(Collected data entries)
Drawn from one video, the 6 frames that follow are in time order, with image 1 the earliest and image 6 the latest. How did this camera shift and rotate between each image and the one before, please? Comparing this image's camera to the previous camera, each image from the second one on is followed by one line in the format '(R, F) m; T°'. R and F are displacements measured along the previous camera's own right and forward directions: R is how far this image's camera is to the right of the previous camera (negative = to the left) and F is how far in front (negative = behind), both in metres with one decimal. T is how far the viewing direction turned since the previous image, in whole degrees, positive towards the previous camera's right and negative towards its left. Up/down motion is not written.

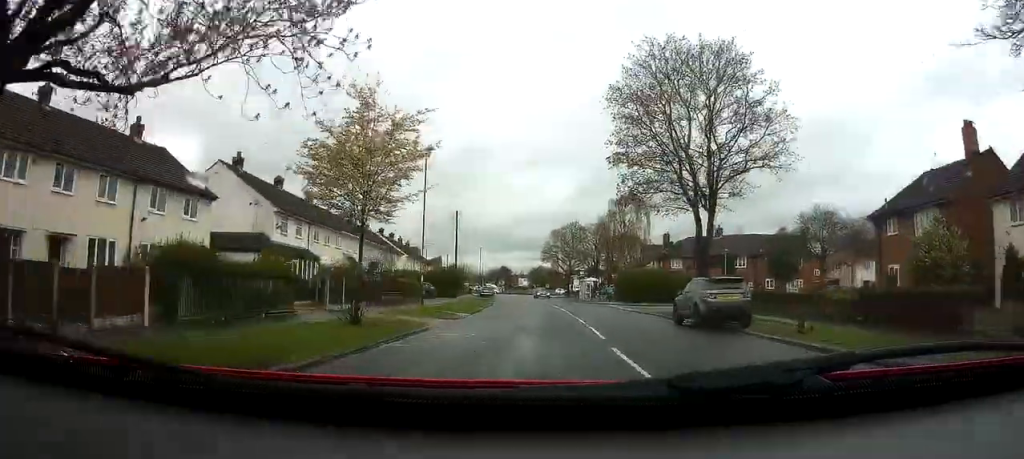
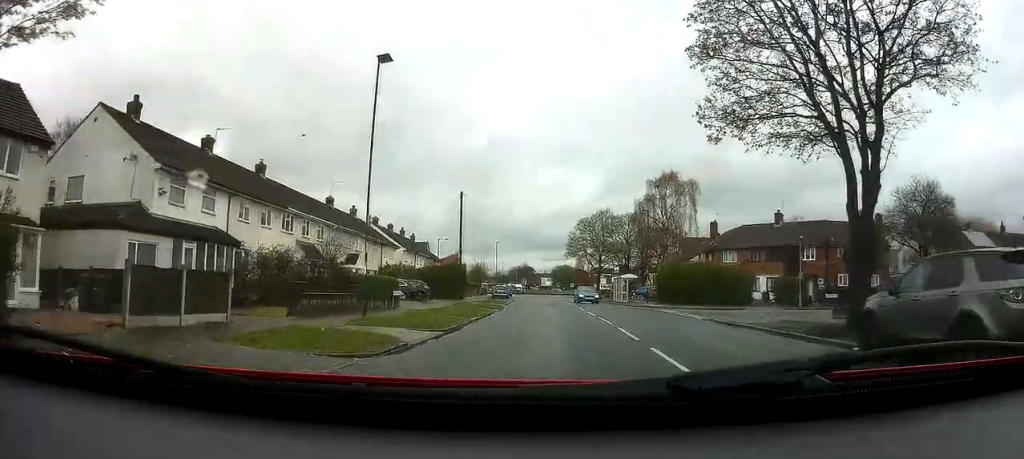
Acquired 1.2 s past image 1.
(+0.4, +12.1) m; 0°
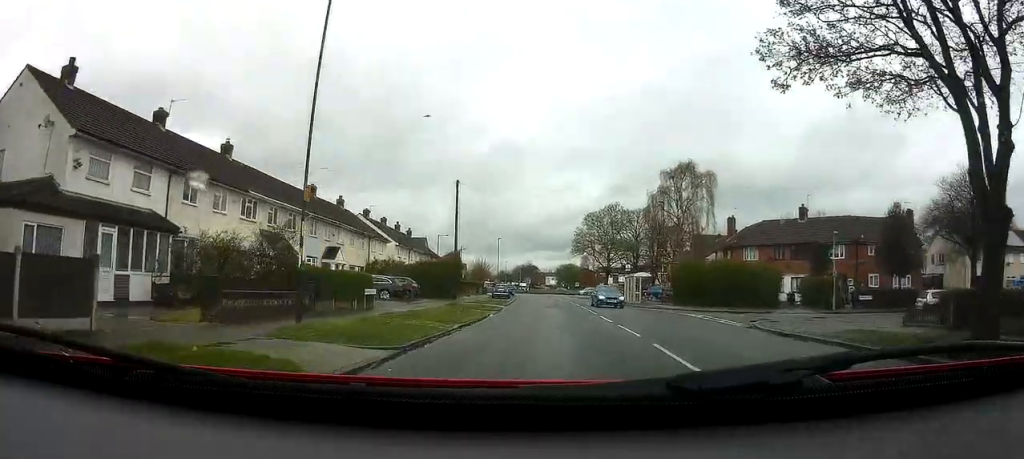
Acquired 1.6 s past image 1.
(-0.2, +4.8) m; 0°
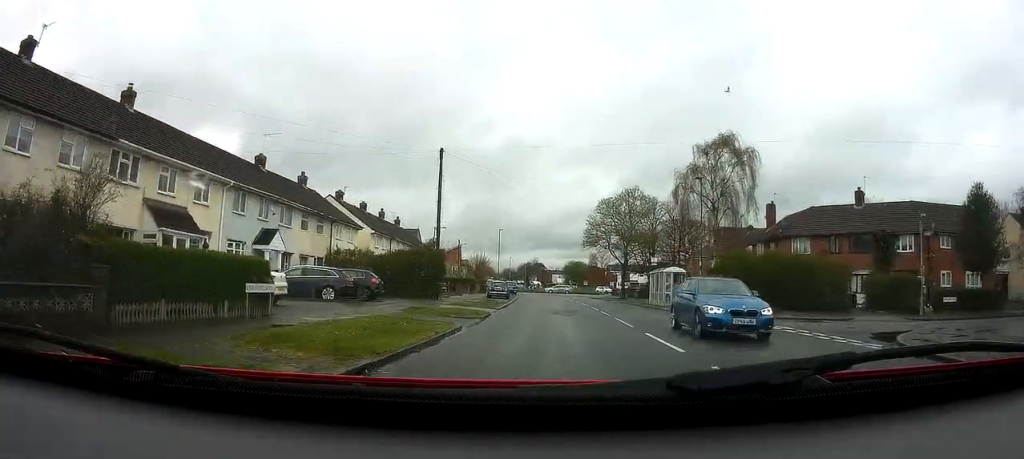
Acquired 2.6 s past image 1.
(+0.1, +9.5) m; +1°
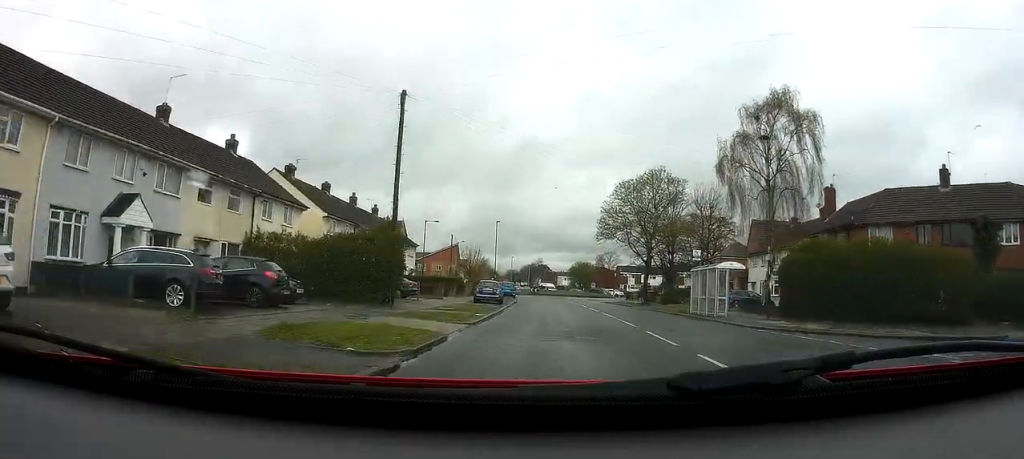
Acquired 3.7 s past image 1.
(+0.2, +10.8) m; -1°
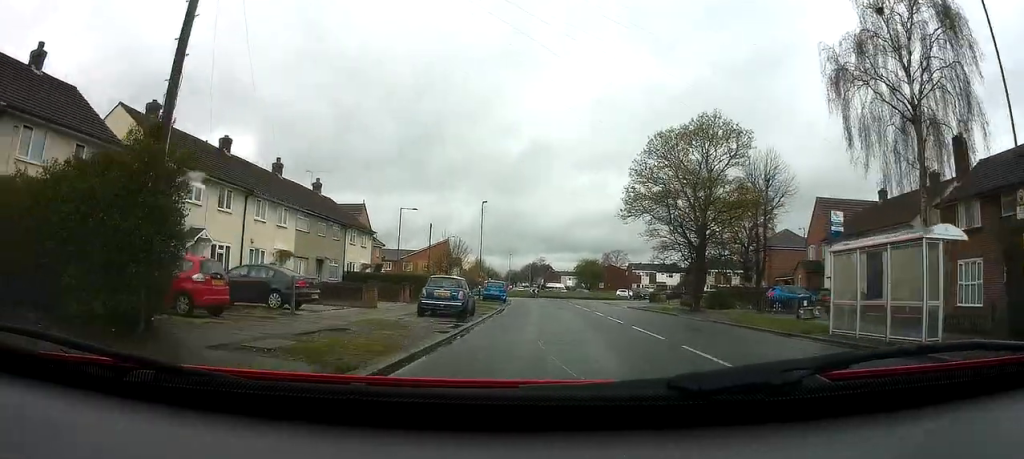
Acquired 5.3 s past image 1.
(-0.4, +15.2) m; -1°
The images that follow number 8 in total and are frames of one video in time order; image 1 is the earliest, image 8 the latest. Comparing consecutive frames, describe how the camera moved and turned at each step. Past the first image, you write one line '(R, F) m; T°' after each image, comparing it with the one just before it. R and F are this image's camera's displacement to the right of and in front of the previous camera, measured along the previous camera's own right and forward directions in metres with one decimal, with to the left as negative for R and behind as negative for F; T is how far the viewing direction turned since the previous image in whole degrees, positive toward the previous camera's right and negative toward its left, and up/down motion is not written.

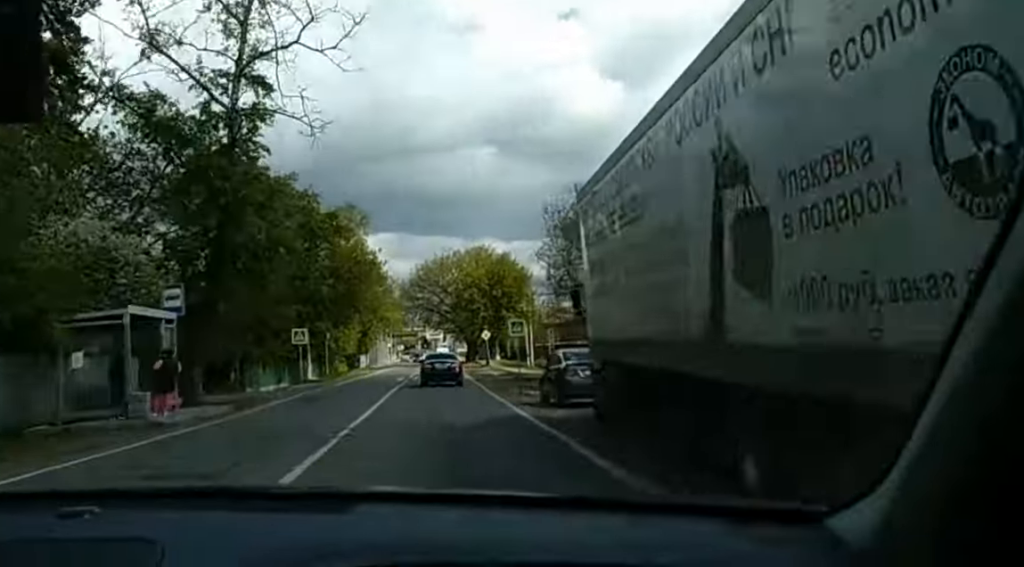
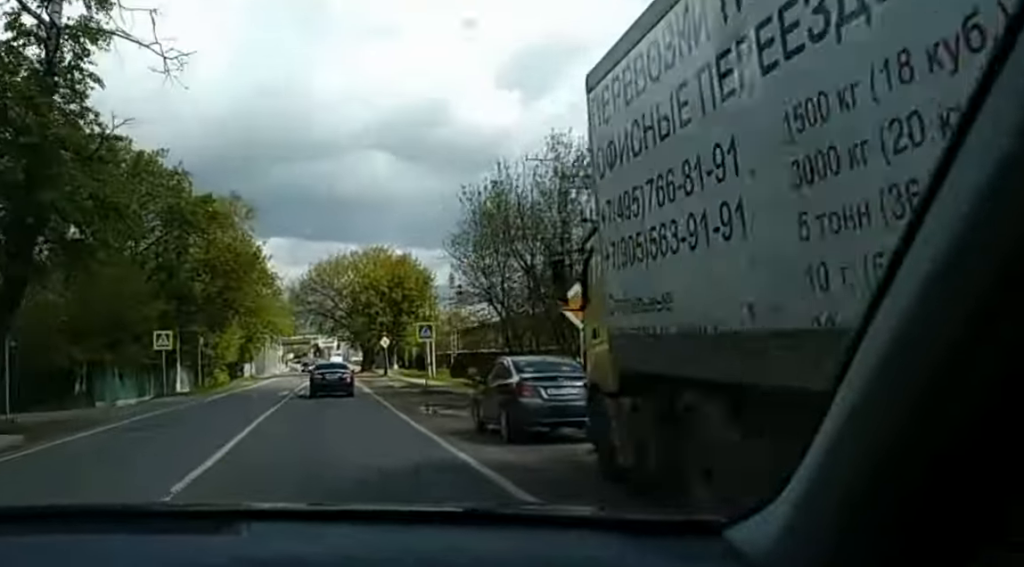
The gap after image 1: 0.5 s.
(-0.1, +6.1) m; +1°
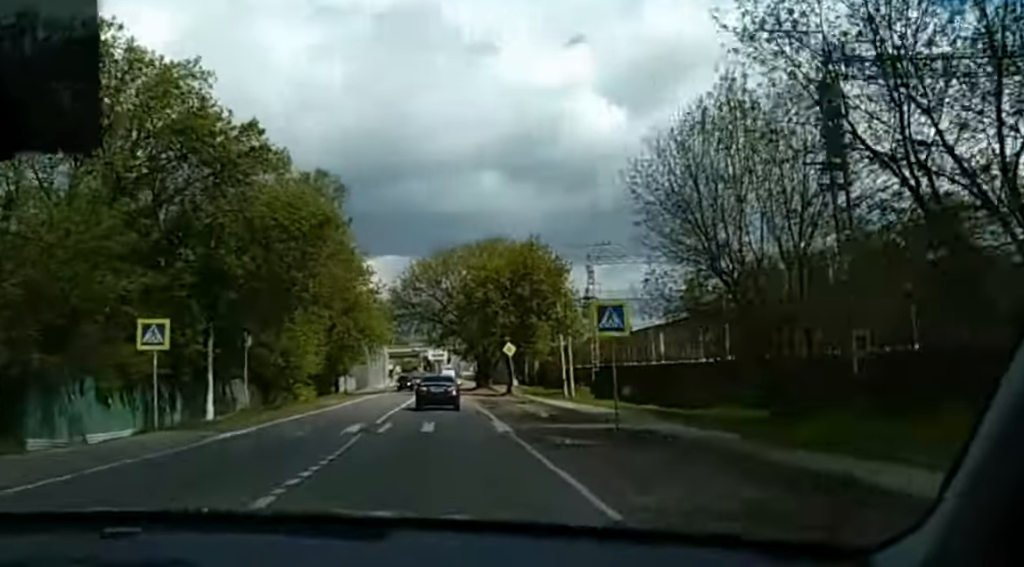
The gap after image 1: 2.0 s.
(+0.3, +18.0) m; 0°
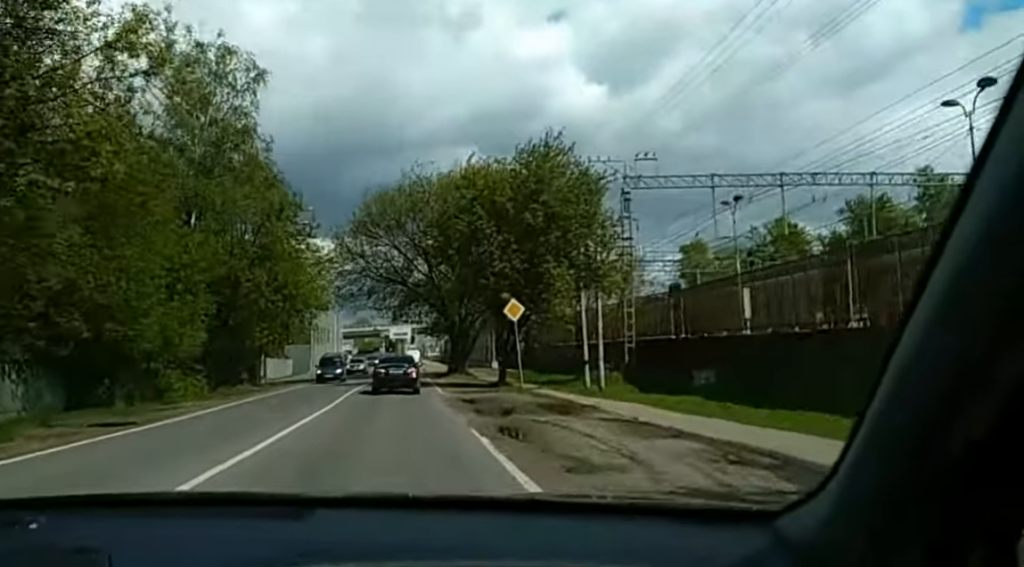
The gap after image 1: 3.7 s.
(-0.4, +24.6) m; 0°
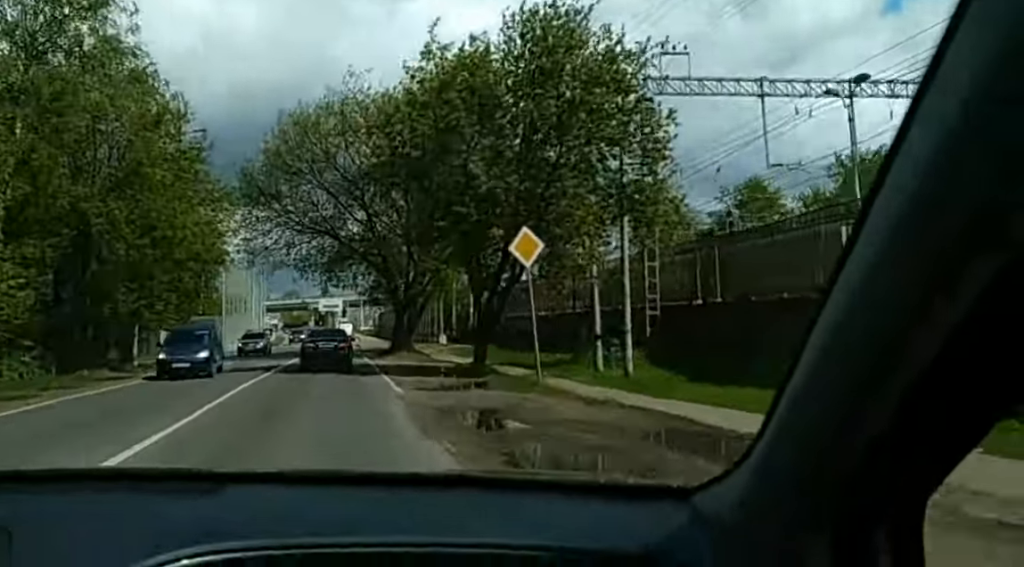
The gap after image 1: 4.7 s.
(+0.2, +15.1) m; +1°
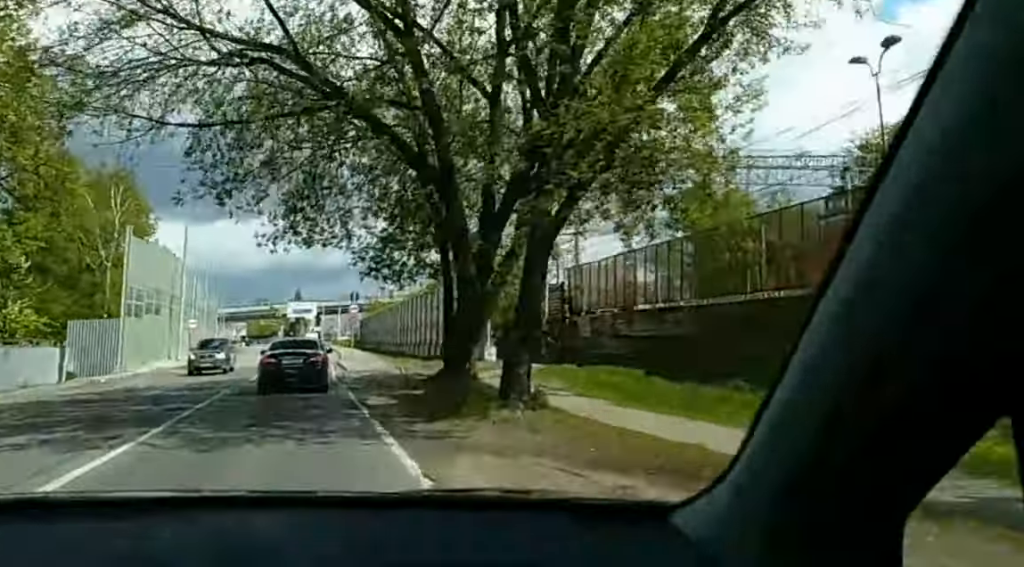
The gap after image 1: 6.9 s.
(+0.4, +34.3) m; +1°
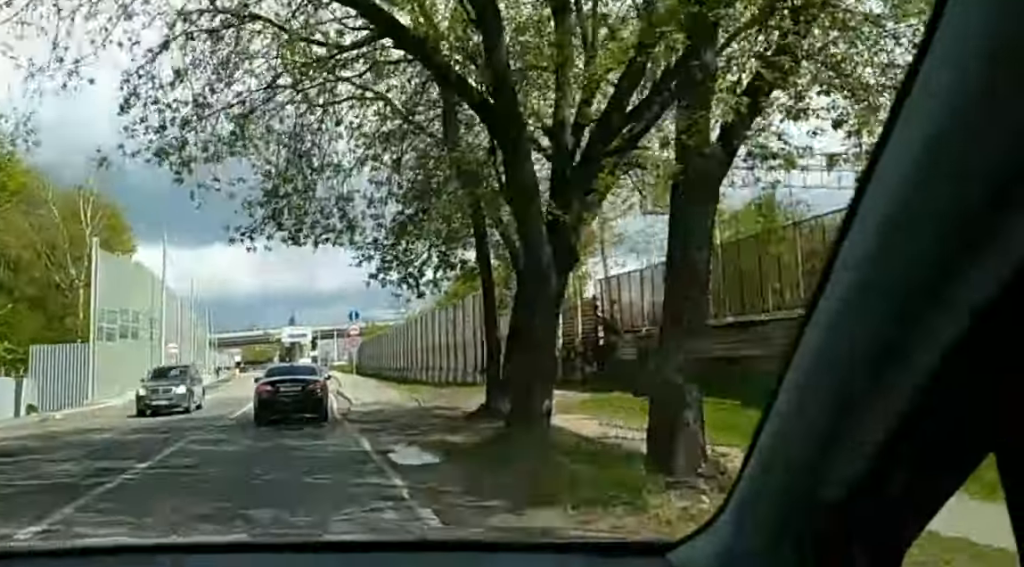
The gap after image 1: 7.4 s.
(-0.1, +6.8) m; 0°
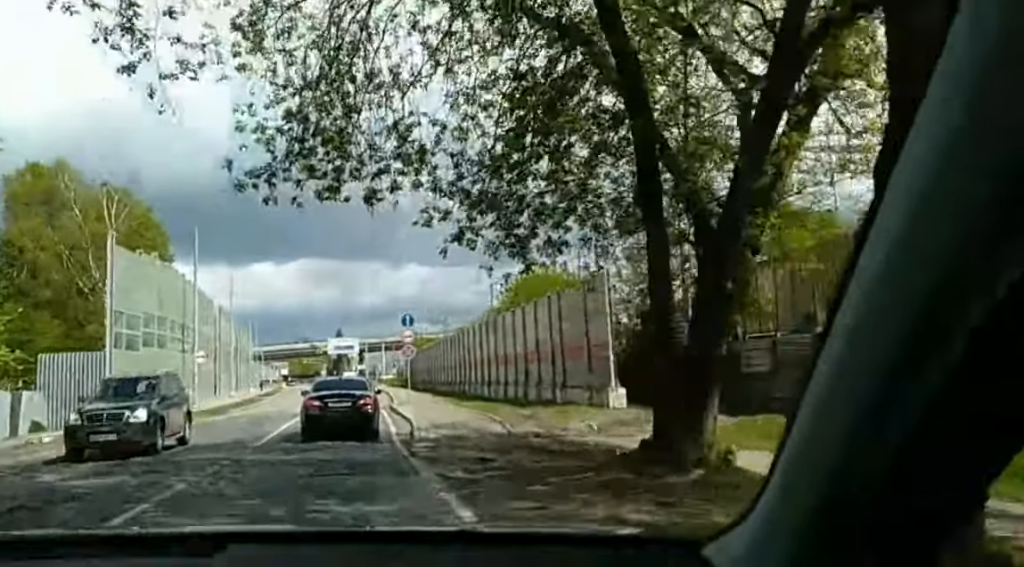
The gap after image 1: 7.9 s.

> _REQUIRED WORK_:
Give the records again exactly, without pictures.

> _OUTPUT OF THE EXERCISE_:
Drawn from one video, the 6 frames that follow are in time order, with image 1 the earliest and image 6 the latest. How did this camera shift and rotate between each image and the one before, please? Comparing this image's camera to the previous camera, each image from the second one on is followed by one line in the format '(R, F) m; T°'. R and F are displacements measured along the previous camera's own right and forward directions: R is how far this image's camera is to the right of the previous camera (negative = to the left) and F is how far in front (negative = behind), both in metres with one decimal. T is how far the viewing direction turned since the previous image, in whole degrees, positive towards the previous camera's right and negative towards its left. Up/down motion is not written.

Acquired 1.2 s past image 1.
(+0.4, +12.1) m; 0°
Acquired 1.6 s past image 1.
(-0.2, +4.8) m; 0°
Acquired 2.6 s past image 1.
(+0.1, +9.5) m; +1°
Acquired 3.7 s past image 1.
(+0.2, +10.8) m; -1°
Acquired 5.3 s past image 1.
(-0.4, +15.2) m; -1°
The images that follow number 8 in total and are frames of one video in time order; image 1 is the earliest, image 8 the latest. Comparing consecutive frames, describe how the camera moved and turned at each step. Past the first image, you write one line '(R, F) m; T°' after each image, comparing it with the one just before it. R and F are this image's camera's displacement to the right of and in front of the previous camera, measured along the previous camera's own right and forward directions in metres with one decimal, with to the left as negative for R and behind as negative for F; T is how far the viewing direction turned since the previous image in whole degrees, positive toward the previous camera's right and negative toward its left, and up/down motion is not written.

The gap after image 1: 0.5 s.
(-0.1, +6.1) m; +1°
The gap after image 1: 2.0 s.
(+0.3, +18.0) m; 0°
The gap after image 1: 3.7 s.
(-0.4, +24.6) m; 0°
The gap after image 1: 4.7 s.
(+0.2, +15.1) m; +1°
The gap after image 1: 6.9 s.
(+0.4, +34.3) m; +1°
The gap after image 1: 7.4 s.
(-0.1, +6.8) m; 0°
The gap after image 1: 7.9 s.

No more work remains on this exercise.